Statistical evaluation of the performance of a new programmed-scan monochromator for multielement determinations by atomic emission

Abstract

The reproducibility of a programmed-scan monochromator with stationary dispersion optics was evaluated by means of analysis of variance (ANOVA). The spectrometer used an optical multiplexer coupled with glass-fiber optic light-guides to a multiple entrance-slit spectrometer employing a photomultiplier as the detector. With this spectrometer, 15 emission intensity measurements at the lithium resonance line wavelength (670.7 nm) were collected for five rotations of the optiplexer mirror under four different emission situations: flame background emission at 670.7 nm, lithium emission from an acetylene—air flame in the absence of an ionization buffer, lithium emission from an acetylene—air flame in the presence of an ionization buffer, and tungsten lamp emission at 670.7 nm.

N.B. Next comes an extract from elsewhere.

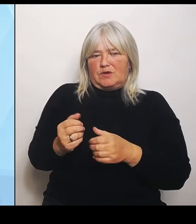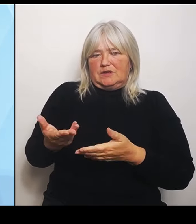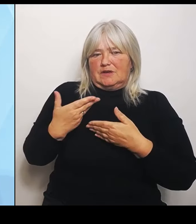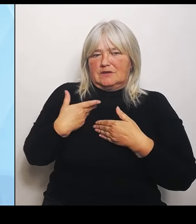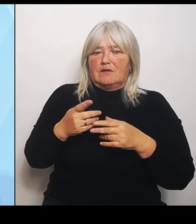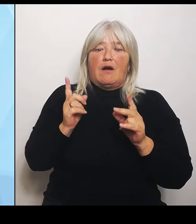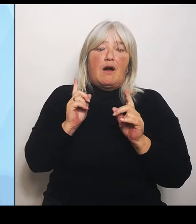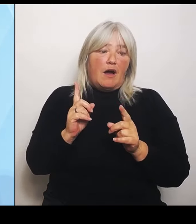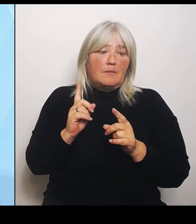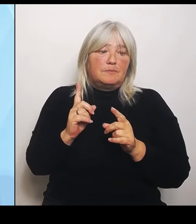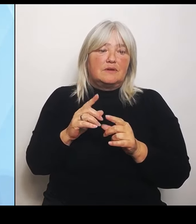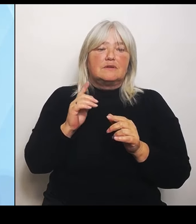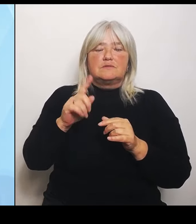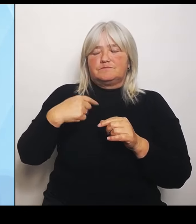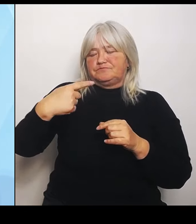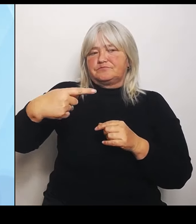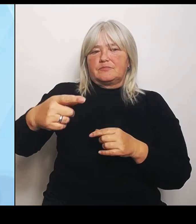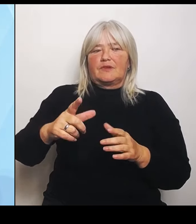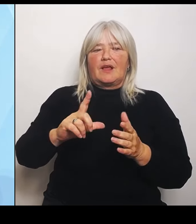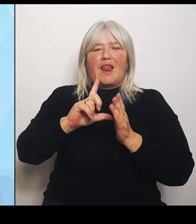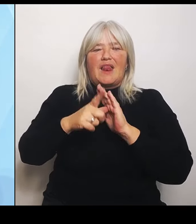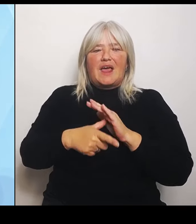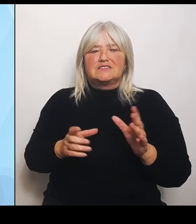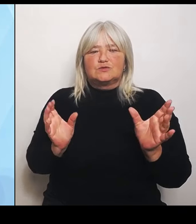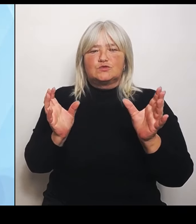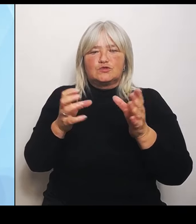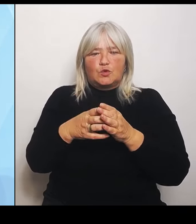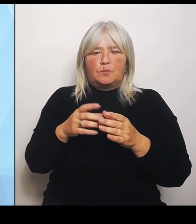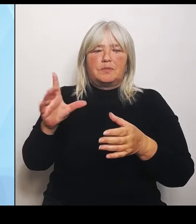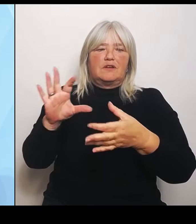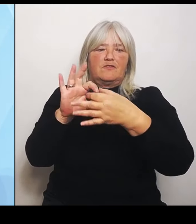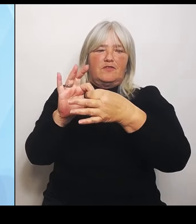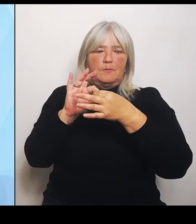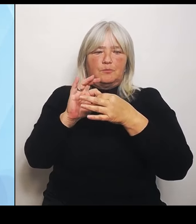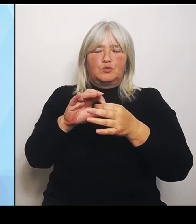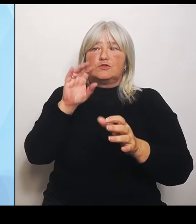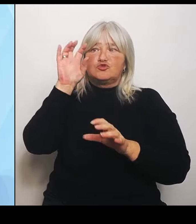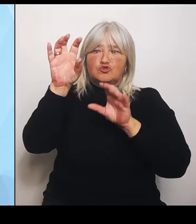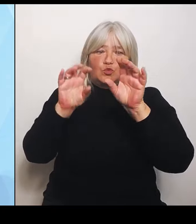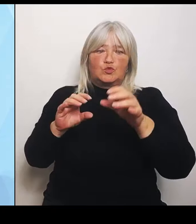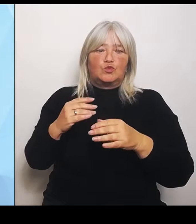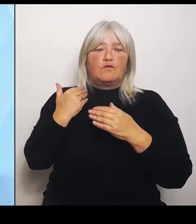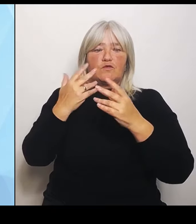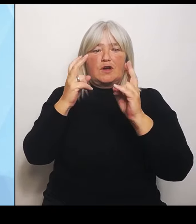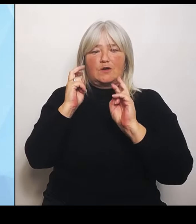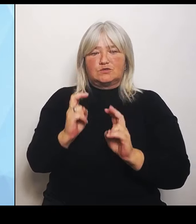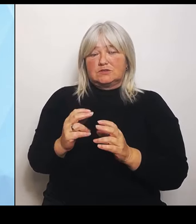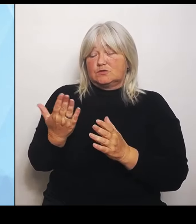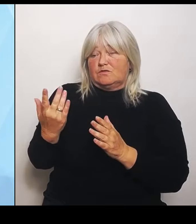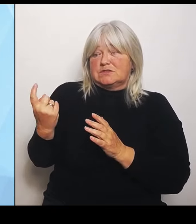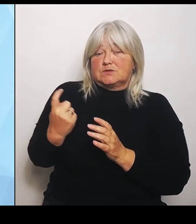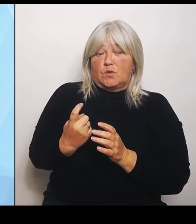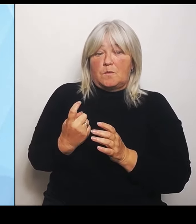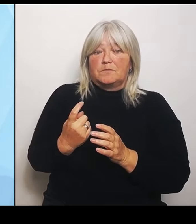Strukturvoraussetzungen, die da auch kommen, einzustellen. Mit unserer Datengrundlage geben wir wichtige Anhaltspunkte für
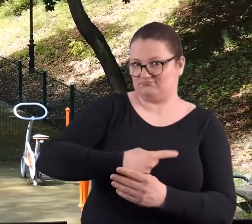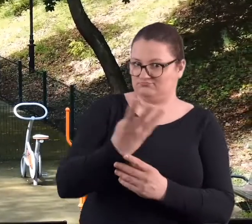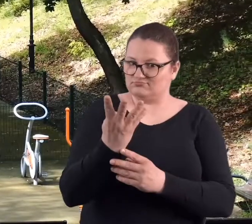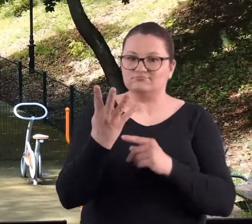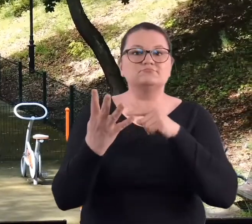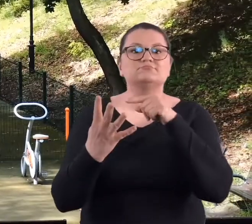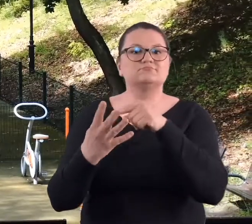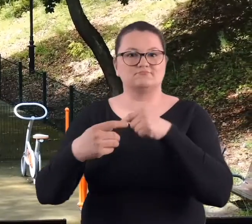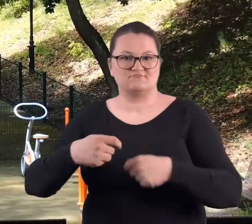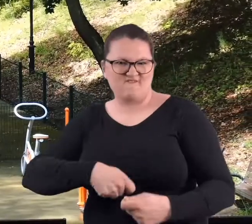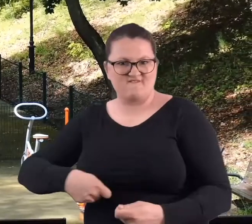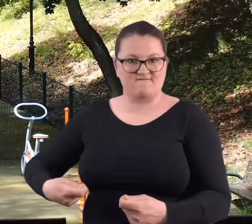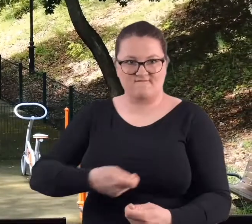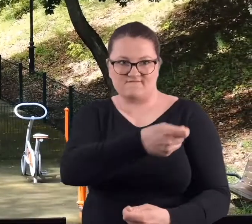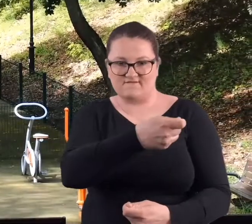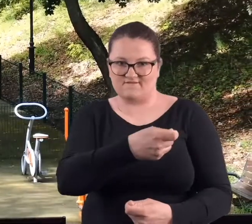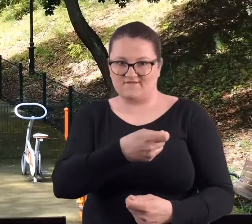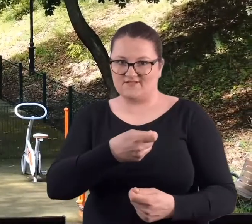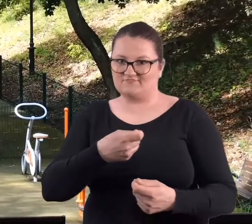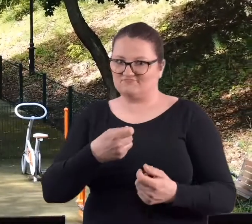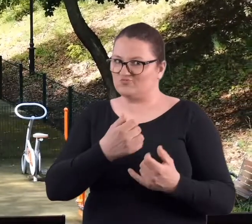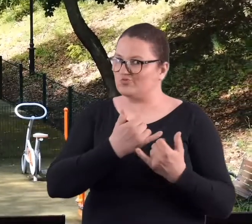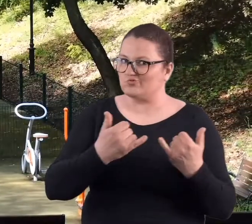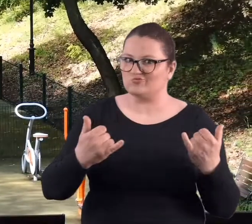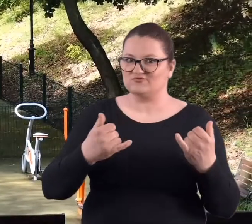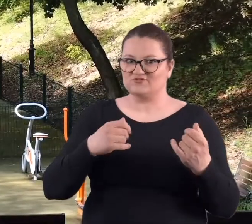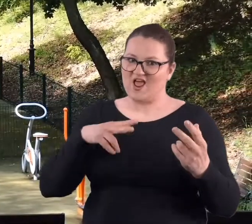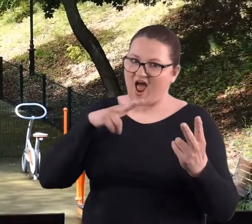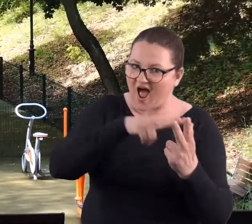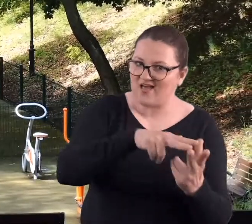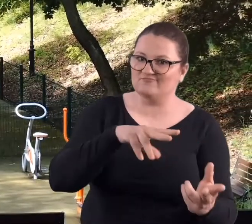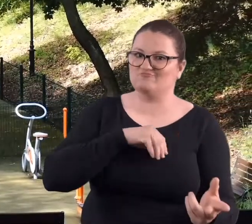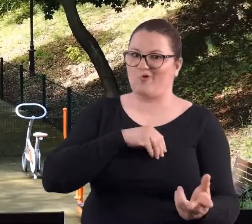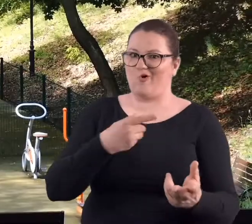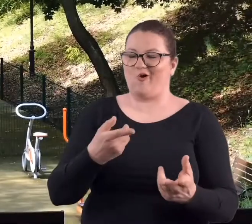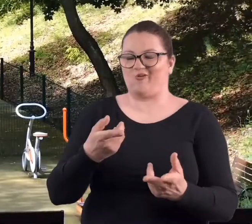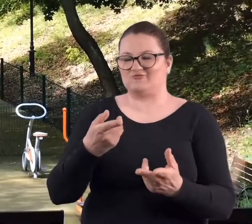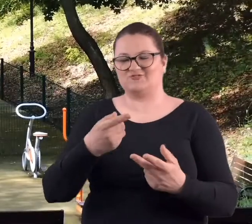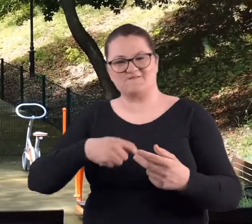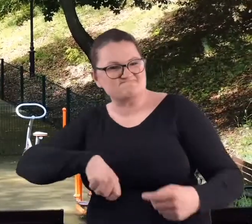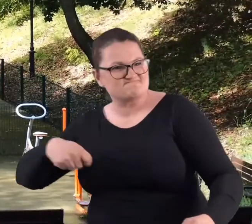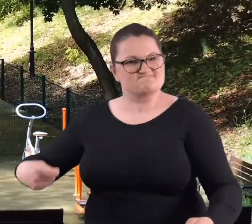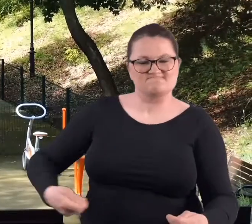takiego, to jest wachlarz bojowy, więc tam są i pchnięcia

For all four situations, the ANOVA results showed that instrumental changes which occurred during mirror rotation in the optiplexer were a significant source of signal variation compared with factors not associated with mirror rotation, i.e., photon shot noise, source fluctuation noise, and electronic drift. The actual magnitude of the signal variability introduced during mirror rotation, however, was found to be quite small, producing an average relative standard deviation of only 0.76% for the signal.